── Exercise material

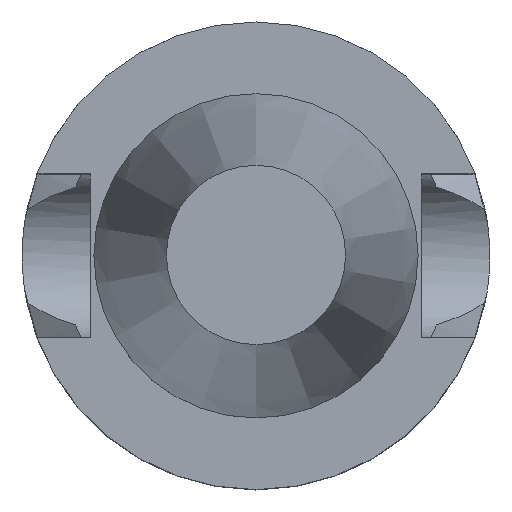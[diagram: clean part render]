
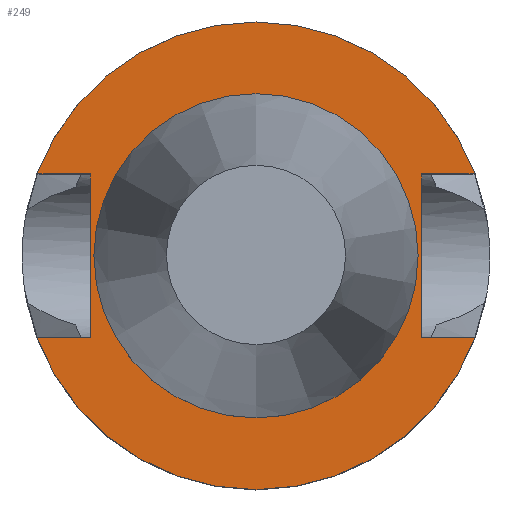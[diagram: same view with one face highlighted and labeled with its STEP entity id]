
A CAD part, top view. The second image highlights one B-rep face of the part: STEP entity #249.
In plain terms, the highlighted planar face has unit normal (0, 0, 1).
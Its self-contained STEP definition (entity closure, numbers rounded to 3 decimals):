
#117=EDGE_CURVE('240[2]',#344,#345,#346,.T.);
#134=EDGE_CURVE('240[2]',#373,#344,#374,.T.);
#164=EDGE_CURVE('240[2]',#420,#373,#421,.T.);
#178=EDGE_CURVE('240[2]',#441,#442,#443,.T.);
#188=EDGE_CURVE('240[2]',#455,#441,#456,.T.);
#200=EDGE_CURVE('240[2]',#414,#420,#474,.T.);
#212=EDGE_CURVE('240[2]',#442,#414,#491,.T.);
#221=EDGE_CURVE('240[2]',#345,#455,#502,.T.);
#246=EDGE_CURVE('240[2]',#534,#534,#535,.T.);
#249=ADVANCED_FACE('240[2]',(#538,#539),#540,.T.);
#344=VERTEX_POINT('',#646);
#345=VERTEX_POINT('',#647);
#346=LINE('',#648,#649);
#373=VERTEX_POINT('',#757);
#374=LINE('',#758,#759);
#414=VERTEX_POINT('',#902);
#420=VERTEX_POINT('',#928);
#421=CIRCLE('',#929,23.0);
#441=VERTEX_POINT('',#964);
#442=VERTEX_POINT('',#965);
#443=LINE('',#966,#967);
#455=VERTEX_POINT('',#1050);
#456=CIRCLE('',#1051,23.0);
#474=LINE('',#1076,#1077);
#491=LINE('',#1117,#1118);
#502=LINE('',#1143,#1144);
#534=VERTEX_POINT('',#1208);
#535=CIRCLE('',#1209,15.948);
#538=FACE_OUTER_BOUND('',#1213,.T.);
#539=FACE_BOUND('',#1214,.T.);
#540=PLANE('',#1215);
#646=CARTESIAN_POINT('',(16.3,-8.05,-2.0));
#647=CARTESIAN_POINT('',(16.3,8.05,-2.0));
#648=CARTESIAN_POINT('',(16.3,5.712,-2.0));
#649=VECTOR('',#1587,1.0);
#757=CARTESIAN_POINT('',(21.545,-8.05,-2.0));
#758=CARTESIAN_POINT('',(8.15,-8.05,-2.0));
#759=VECTOR('',#1613,1.0);
#902=CARTESIAN_POINT('',(-16.3,-8.05,-2.0));
#928=CARTESIAN_POINT('',(-21.545,-8.05,-2.0));
#929=AXIS2_PLACEMENT_3D('',#1658,#1659,#1660);
#964=CARTESIAN_POINT('',(-21.545,8.05,-2.0));
#965=CARTESIAN_POINT('',(-16.3,8.05,-2.0));
#966=CARTESIAN_POINT('',(-8.15,8.05,-2.0));
#967=VECTOR('',#1683,1.0);
#1050=CARTESIAN_POINT('',(21.545,8.05,-2.0));
#1051=AXIS2_PLACEMENT_3D('',#1691,#1692,#1693);
#1076=CARTESIAN_POINT('',(-8.15,-8.05,-2.0));
#1077=VECTOR('',#1707,1.0);
#1117=CARTESIAN_POINT('',(-16.3,13.762,-2.0));
#1118=VECTOR('',#1722,1.0);
#1143=CARTESIAN_POINT('',(8.15,8.05,-2.0));
#1144=VECTOR('',#1730,1.0);
#1208=CARTESIAN_POINT('',(0.,15.948,-2.0));
#1209=AXIS2_PLACEMENT_3D('',#1761,#1762,#1763);
#1213=EDGE_LOOP('',(#1765,#1766,#1767,#1768,#1769,#1770,#1771,#1772));
#1214=EDGE_LOOP('',(#1773));
#1215=AXIS2_PLACEMENT_3D('',#1774,#1775,#1776);
#1587=DIRECTION('',(0.0,1.0,0.));
#1613=DIRECTION('',(-1.0,0.,0.));
#1658=CARTESIAN_POINT('',(0.,0.,-2.0));
#1659=DIRECTION('',(0.,0.,1.0));
#1660=DIRECTION('',(0.,1.0,0.));
#1683=DIRECTION('',(1.0,0.,0.));
#1691=CARTESIAN_POINT('',(0.,0.,-2.0));
#1692=DIRECTION('',(0.,0.,1.0));
#1693=DIRECTION('',(0.,1.0,0.));
#1707=DIRECTION('',(-1.0,0.,0.));
#1722=DIRECTION('',(0.0,-1.0,0.));
#1730=DIRECTION('',(1.0,0.,0.));
#1761=CARTESIAN_POINT('',(0.,0.,-2.0));
#1762=DIRECTION('',(0.,0.,1.0));
#1763=DIRECTION('',(0.,1.0,0.));
#1765=ORIENTED_EDGE('',*,*,#200,.T.);
#1766=ORIENTED_EDGE('',*,*,#164,.T.);
#1767=ORIENTED_EDGE('',*,*,#134,.T.);
#1768=ORIENTED_EDGE('',*,*,#117,.T.);
#1769=ORIENTED_EDGE('',*,*,#221,.T.);
#1770=ORIENTED_EDGE('',*,*,#188,.T.);
#1771=ORIENTED_EDGE('',*,*,#178,.T.);
#1772=ORIENTED_EDGE('',*,*,#212,.T.);
#1773=ORIENTED_EDGE('',*,*,#246,.F.);
#1774=CARTESIAN_POINT('',(0.,19.474,-2.0));
#1775=DIRECTION('',(0.,0.,1.0));
#1776=DIRECTION('',(1.0,0.,0.0));
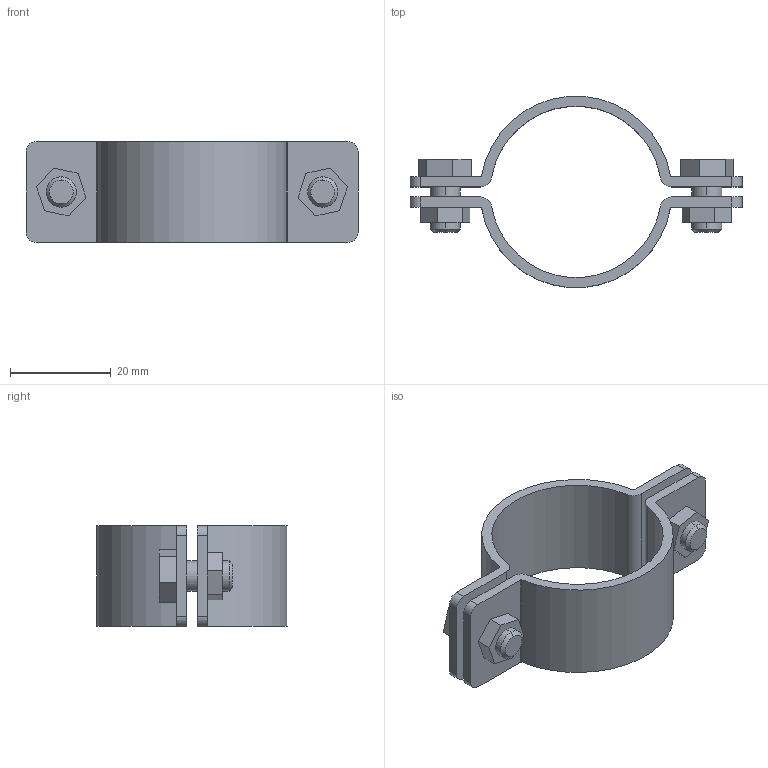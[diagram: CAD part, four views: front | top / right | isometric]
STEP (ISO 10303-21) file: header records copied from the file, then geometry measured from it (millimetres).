
FILE_DESCRIPTION (( 'STEP AP203' ), '1' );
FILE_NAME ('3D_M-8018OS_35x1.5_174872030.STEP', '2024-09-10T15:48:20', ( '' ), ( '' ), 'SwSTEP 2.0', 'SolidWorks 2024', '' );
FILE_SCHEMA (( 'CONFIG_CONTROL_DESIGN' ));
Length unit declared in the file: millimetre
Products named in the file (1): 3D_M-8018OS_35x1.5_174872030
Bounding box: 65.86 x 37.87 x 20 mm (x, y, z)
Volume: 7674.6 mm3; surface area: 7767.4 mm2
Topology: 1 solids, 1 shells, 78 faces, 200 edges, 132 vertices
Faces by surface type: plane 46, cylinder 28, cone 4
Entity records: 2453 total; most frequent: DIRECTION 418, CARTESIAN_POINT 411, ORIENTED_EDGE 400, EDGE_CURVE 200, VECTOR 140, LINE 140, AXIS2_PLACEMENT_3D 139, VERTEX_POINT 132

────

Problem statement:
The answer is the lines above between the line holding "#1144=VECTOR('',#1730,1.0);" and the line holding "#1766=ORIENTED_EDGE('',*,*,#164,.T.);", inclusive, each written out exactly, and no others.

Output for this task:
#1144=VECTOR('',#1730,1.0);
#1208=CARTESIAN_POINT('',(0.,15.948,-2.0));
#1209=AXIS2_PLACEMENT_3D('',#1761,#1762,#1763);
#1213=EDGE_LOOP('',(#1765,#1766,#1767,#1768,#1769,#1770,#1771,#1772));
#1214=EDGE_LOOP('',(#1773));
#1215=AXIS2_PLACEMENT_3D('',#1774,#1775,#1776);
#1587=DIRECTION('',(0.0,1.0,0.));
#1613=DIRECTION('',(-1.0,0.,0.));
#1658=CARTESIAN_POINT('',(0.,0.,-2.0));
#1659=DIRECTION('',(0.,0.,1.0));
#1660=DIRECTION('',(0.,1.0,0.));
#1683=DIRECTION('',(1.0,0.,0.));
#1691=CARTESIAN_POINT('',(0.,0.,-2.0));
#1692=DIRECTION('',(0.,0.,1.0));
#1693=DIRECTION('',(0.,1.0,0.));
#1707=DIRECTION('',(-1.0,0.,0.));
#1722=DIRECTION('',(0.0,-1.0,0.));
#1730=DIRECTION('',(1.0,0.,0.));
#1761=CARTESIAN_POINT('',(0.,0.,-2.0));
#1762=DIRECTION('',(0.,0.,1.0));
#1763=DIRECTION('',(0.,1.0,0.));
#1765=ORIENTED_EDGE('',*,*,#200,.T.);
#1766=ORIENTED_EDGE('',*,*,#164,.T.);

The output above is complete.